Correct Answer - Option 4 : -1, -2, -3
Concept:
If A is any square matrix of order n, we can form the matrix [A – λI], where I is the nth order unit matrix. The determinant of this matrix equated to zero i.e. |A – λI| = 0 is called the characteristic equation of A.
The roots of the characteristic equation are called Eigenvalues or latent roots or characteristic roots of matrix A.

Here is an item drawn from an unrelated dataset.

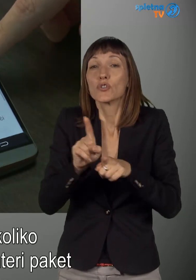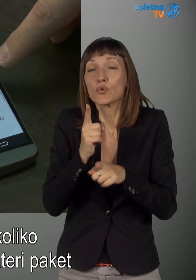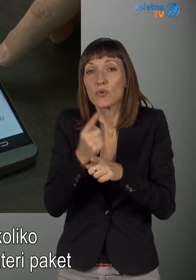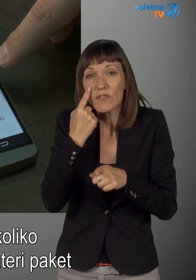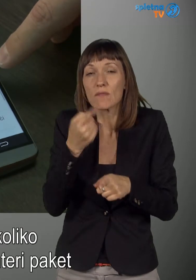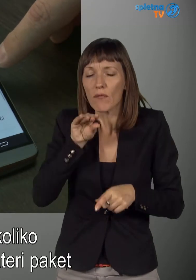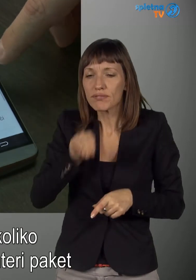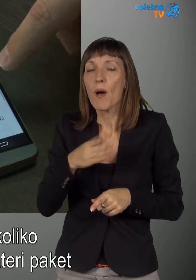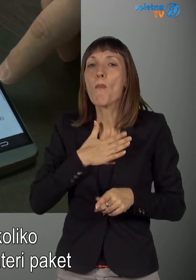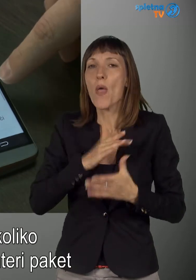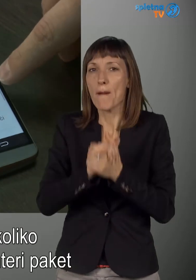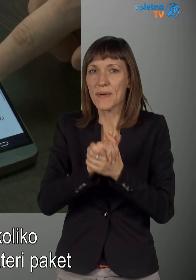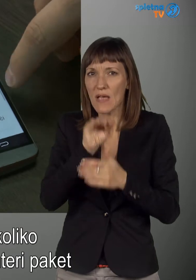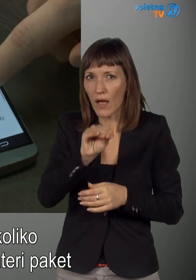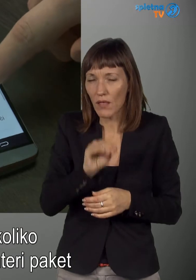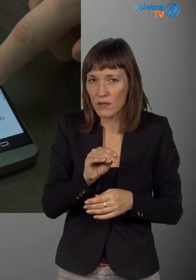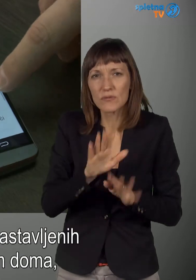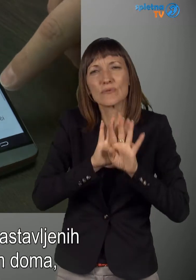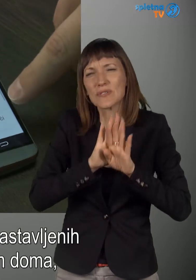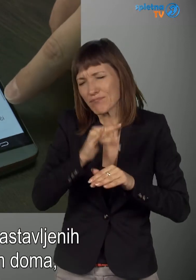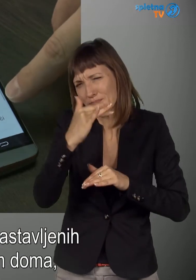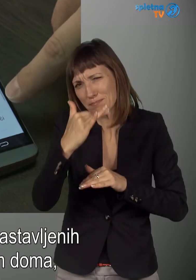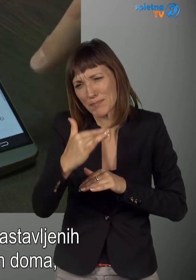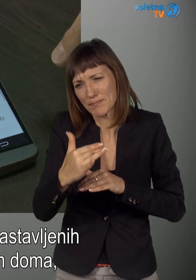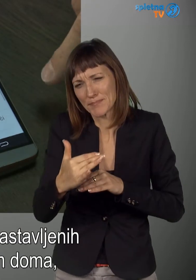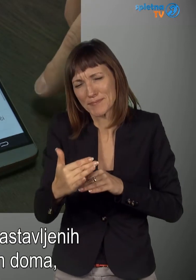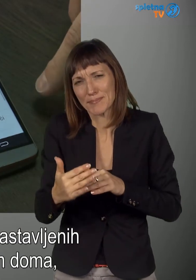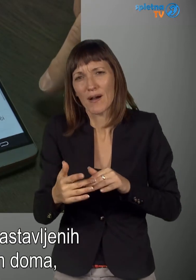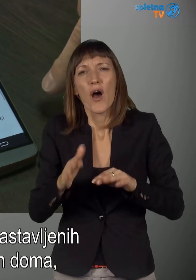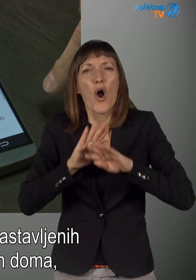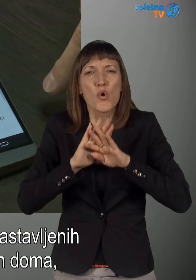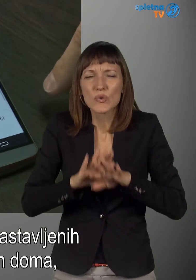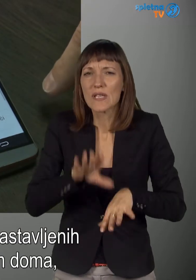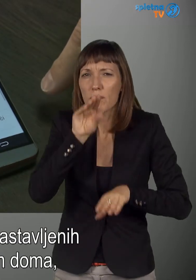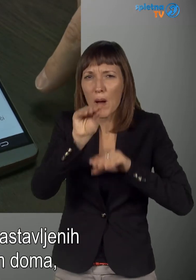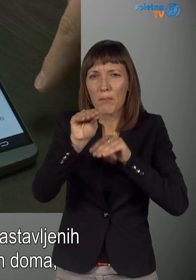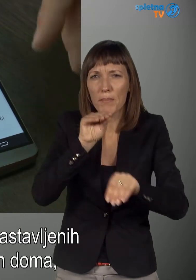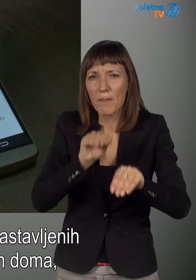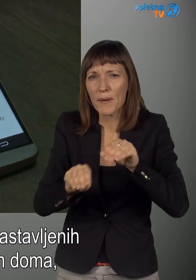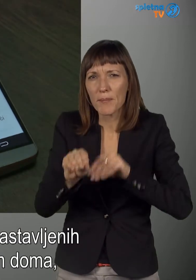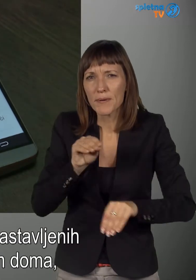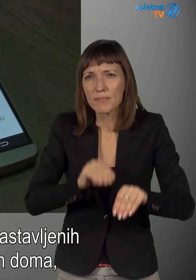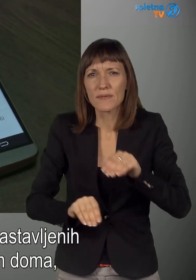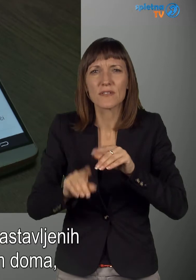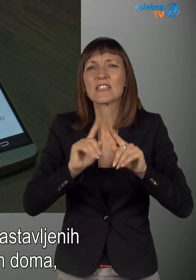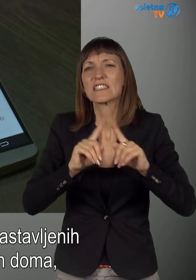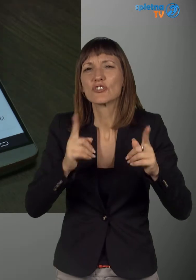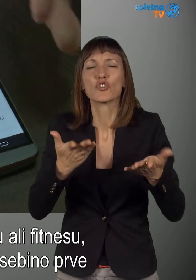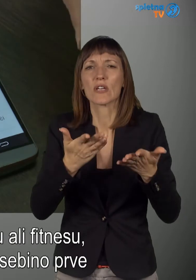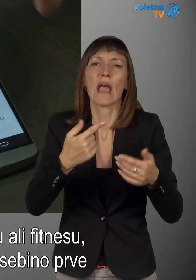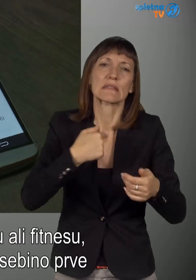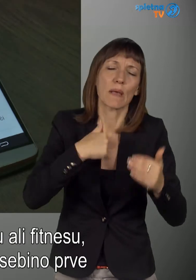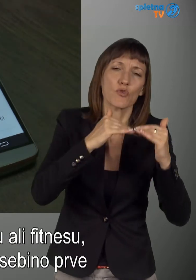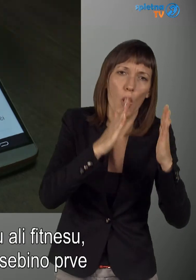prijatelj sem dodal. Potem, kjer paket imam, koliko imam prednastavljenih lokacije. To so, pomeni, sem doma, sem v

Properties of Eigenvalues:
The sum of Eigenvalues of a matrix A is equal to the trace of that matrix A
The product of Eigenvalues of a matrix A is equal to the determinant of that matrix A
Calculation:
From the given state-space representation, the system matrix is
\(A = \left[ {\begin{array}{*{20}{c}}
0&1&0\\
3&0&2\\
{ - 12}&{ - 7}&{ - 6}
\end{array}} \right]\)
\(\left[ {sI - A} \right] = \left[ {\begin{array}{*{20}{c}}
s&{ - 1}&0\\
{ - 3}&s&{ - 2}\\
{12}&7&{s + 6}
\end{array}} \right]\)
\(\left| {sI - A} \right| = \left| {\begin{array}{*{20}{c}}
s&{ - 1}&0\\
{ - 3}&s&{ - 2}\\
{12}&7&{s + 6}
\end{array}} \right| = 0\)
⇒ s [ s(s + 6) + 14] + 1 [-3(s + 6) + 24] = 0
⇒ s3 + 6s2 + 14s – 3s – 18 + 24 = 0
⇒ s3 + 6s2 + 11s + 6 = 0
⇒ s = -1, -2, -3
Alternate Method:
Given matrix, \(A = \left[ {\begin{array}{*{20}{c}}
0&1&0\\
3&0&2\\
{ - 12}&{ - 7}&{ - 6}
\end{array}} \right]\)
Sum of Eigen values of a matrix A = Trace of the matrix A = 0 + 0 - 6 = -6
Clearly, only option 2 holds this true.